Changing the Conversation about God: A How To

I am getting tired of this conversation:

Jewish Person: But rabbi, I don’t believe in God.
Rabbi: That’s okay, but what kind of God don’t you believe in?

So many God conversations seem to include this refrain.

It’s time to change the conversation. I yearn to hear this conversation:

Rabbi: So what do you believe about God?
Jew: While I don’t believe in the God of “reward and punishment,” I am drawn to the God-concepts of Martin Buber’s I-Thou and Milton Steinberg’s Limited Theism.

Setting aside the Pew Research study’s conclusions about the religiosity and spirituality of American Jews (my take here), there is no doubt that we Jewish leaders can and should spend more time talking about God. Only when our congregants hear about the wide variety of perspectives, theologies and experiences of God will they open themselves up to more Jewish conversations about God. At Congregation Or Ami (Calabasas, CA), we are facing the challenge head on. This year, God-talk purposely permeates all aspects of congregational life. We hope to change the conversation by reframing the issue.

Talking Frankly about God, our Beliefs and Our Doubts at the High Holy Days
During the High Holy Days, our clergy spoke personally and passionately about their beliefs and struggles regarding God. On Rosh Hashana, I preached on 18 Different Ways to Believe in God (a.k.a. 18 Different Jewish God-Concepts). On Kol Nidre all three clergy shared their understanding of B’tzelem Elohim: Cantor Doug Colter preached a home-made multimedia sermon, new mother Rabbi Julia Weisz spoke about how while everyone talks about which parent her newborn son resembles while no one talks about how he is in God’s image, and I addressed the very essence of tzelem – that God is unseen yet ever present within us.

God-Talk Theme Permeates Our Learning Programs
Our Educational team selected B’tzelem Elohim (Creation in God’s Image) as the thread that binds together our tapestry of learning programs. In Kesher, our camp-like drop-off learning program, our teachers regularly lead students to explore how they are created in God’s image. Rap with the Rabbis time allows open discussions about different ways to think about and believe in the Holy One. In Mishpacha, our family alternative learning program, we focus this year on God, Belief and Disbelief, which has been so successful that we have adults without children in the program who are studying with us. Finally, our Adult Learning programs include multiple options for engaging God-talk.
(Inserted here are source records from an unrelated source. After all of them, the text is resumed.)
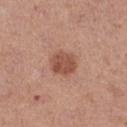{"biopsy_status": "not biopsied; imaged during a skin examination", "patient": {"sex": "female", "age_approx": 40}, "automated_metrics": {"cielab_L": 51, "cielab_a": 24, "cielab_b": 29, "vs_skin_darker_L": 11.0, "vs_skin_contrast_norm": 8.0, "color_variation_0_10": 3.0, "peripheral_color_asymmetry": 1.0}, "image": {"source": "total-body photography crop", "field_of_view_mm": 15}, "site": "left thigh"}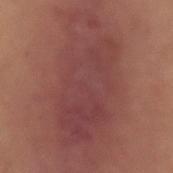notes: total-body-photography surveillance lesion; no biopsy | size: about 13 mm | image source: 15 mm crop, total-body photography | TBP lesion metrics: a lesion area of about 60 mm² and two-axis asymmetry of about 0.25 | tile lighting: cross-polarized | anatomic site: the arm | patient: male, approximately 55 years of age.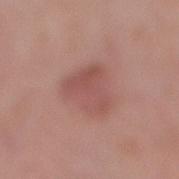Q: Was a biopsy performed?
A: catalogued during a skin exam; not biopsied
Q: Lesion location?
A: the right lower leg
Q: Lesion size?
A: ≈5 mm
Q: Patient demographics?
A: female, aged 38 to 42
Q: What lighting was used for the tile?
A: white-light
Q: What did automated image analysis measure?
A: an automated nevus-likeness rating near 55 out of 100 and a detector confidence of about 100 out of 100 that the crop contains a lesion
Q: What is the imaging modality?
A: ~15 mm crop, total-body skin-cancer survey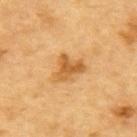follow-up=total-body-photography surveillance lesion; no biopsy | tile lighting=cross-polarized | lesion size=≈4 mm | location=the upper back | patient=male, roughly 85 years of age or older | imaging modality=~15 mm tile from a whole-body skin photo.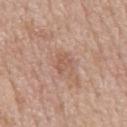No biopsy was performed on this lesion — it was imaged during a full skin examination and was not determined to be concerning.
The lesion is located on the abdomen.
The subject is a male approximately 65 years of age.
A close-up tile cropped from a whole-body skin photograph, about 15 mm across.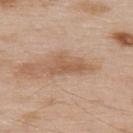{"biopsy_status": "not biopsied; imaged during a skin examination", "site": "upper back", "lighting": "white-light", "image": {"source": "total-body photography crop", "field_of_view_mm": 15}, "automated_metrics": {"area_mm2_approx": 7.0, "eccentricity": 0.9, "shape_asymmetry": 0.35, "border_irregularity_0_10": 5.0, "color_variation_0_10": 2.0, "peripheral_color_asymmetry": 1.0, "lesion_detection_confidence_0_100": 100}, "patient": {"sex": "male", "age_approx": 55}, "lesion_size": {"long_diameter_mm_approx": 5.0}}

Board Meetings Transformed into Spiritual Journeys
Our president Hedi Gross identified a return to the Jewish spiritual search as the central focus of the first term of her presidency. During her Rosh Hashana presidential message, she shared her own Jewish spiritual path and her belief in God. She then transformed our Board meetings so that almost half of our meeting time is now God-focused. The meeting opens as one board member shares and explains a short quote that inspires her, after which another recounts his Jewish spiritual journey in a 5-10 minutes prepared talk. Next, one of our rabbis leads the board in analyzing then praying a prayer, and following a discussion of congregants and family members who are in need of healing, the cantor leads a spiritual singing of the Mi Shebeirach healing prayer.

Board Member Gary Kaplan
Shares his Jewish Journey

We balance the time devoted to Jewish spirituality and God-talk with fiscal responsibility by instituting new procedures for the board meetings: all presentations must be written out beforehand and must be limited in time and scope. Those items that can instead be shared by email are shared that way. Board members no longer leave the temple frustrated by arguments and divisiveness. They leave inspired, and often tears now flow as heartache and hope are shared in equal measures. They then can guide their families and other congregants toward these same central values of God-talk and spirituality.

Ever Wonder What Your Mom and Dad Believe about God?
During their B’nai Mitzvah speeches, our students discuss what they believe and do not believe about God. After capturing those ideas, often with the rabbi’s help, the students return home to record three statements from each parents (or one or three or four parents, as the case may be) about what the parent(s) believe about God. A most amazing thing happens: mom, dad and B’nai Mitzvah student (or mom and mom, or just dad or…) share a discussion about who and what God is. Some students incorporate the statements with which they agree into their own D’var Torah God statement, writing “Like my mother, I believe…”. This process allows the rabbi with a chance to share his or her own thoughts about and relationship with God, thus providing additional in depth adult modeling of God talk.

God Shopping: Choosing from 18 Jewish God Ideas Dramatically Changes the Conversation
Most exciting are the sessions of the Mishpacha Family Alternative learning program. Revising a curriculum written originally by then HUC-JIR interns, now Rabbis Sara Mason-Barkin and Dan Medwin, current Mishpacha Coordinator rabbinic/education student Dusty Klass leads the families to pray, play, engage in age specific learning, and spend time doing family-focused God-talk.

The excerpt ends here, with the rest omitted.